I have blogged a lot about the college admission scandal prosecutions because they provide a high-profile setting for shinning a bright light on some ugly features of criminal justice in America. The Wall Street Journal editors this week have been eager to do such light-shinning as evidenced by these two notable new commentaries in its pages:
Authored by William McGurn, "Free Lori Loughlin: The feds are treating the actress as if she and her husband were Bonnie and Clyde." Some excerpts:
If convicted of all the charges federal prosecutors have piled up against them, Ms. Loughlin and her husband could be sentenced to as much as 45 years in prison. This is nuts.
The same operation that caught Ms. Loughlin also snared dozens of other high-powered people, including CEOs, lawyers and venture capitalists. They too are accused of paying fixer William “Rick” Singer either to cheat on their kids’ college entrance exams, to present them fraudulently for college admission as athletes, or both. But Ms. Loughlin’s celebrity status has ensured that she and fellow actress Felicity Huffman remain the face of the scandal for most Americans.

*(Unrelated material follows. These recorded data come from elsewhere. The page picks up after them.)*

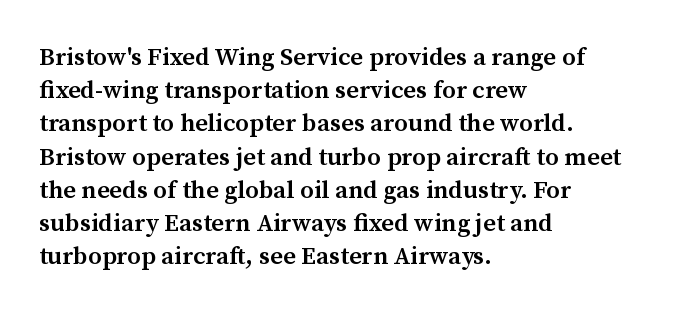
Q: Is the text bold? A: Semi-bold.
Q: Is the text italic (slanted)? A: No, it is upright.
Q: Is the text underlined? A: No.
Q: How is the paragraph aligned? A: Left-aligned.
Q: Is the spacing between letters normal or unusually wide? A: Normal.
Q: Is the spacing between lines tight, normal or loose? A: Normal.

With this difference: While Ms. Huffman pleaded guilty, apologized profusely and served out her sentence (14 days, but released after 12 because it was a weekend) at the Federal Correctional Institution in Dublin, Calif., Ms. Loughlin and Mr. Giannulli are insisting, perhaps unwisely, on taking their case to a jury. Meanwhile, in the same way the sans-culottes jeered Marie Antoinette on her way to the guillotine, today’s equivalent — Twitter mobs and gossip sheets — are thirsting to see this icon of Tinseltown wealth and privilege cut down to size by a stint in federal prison.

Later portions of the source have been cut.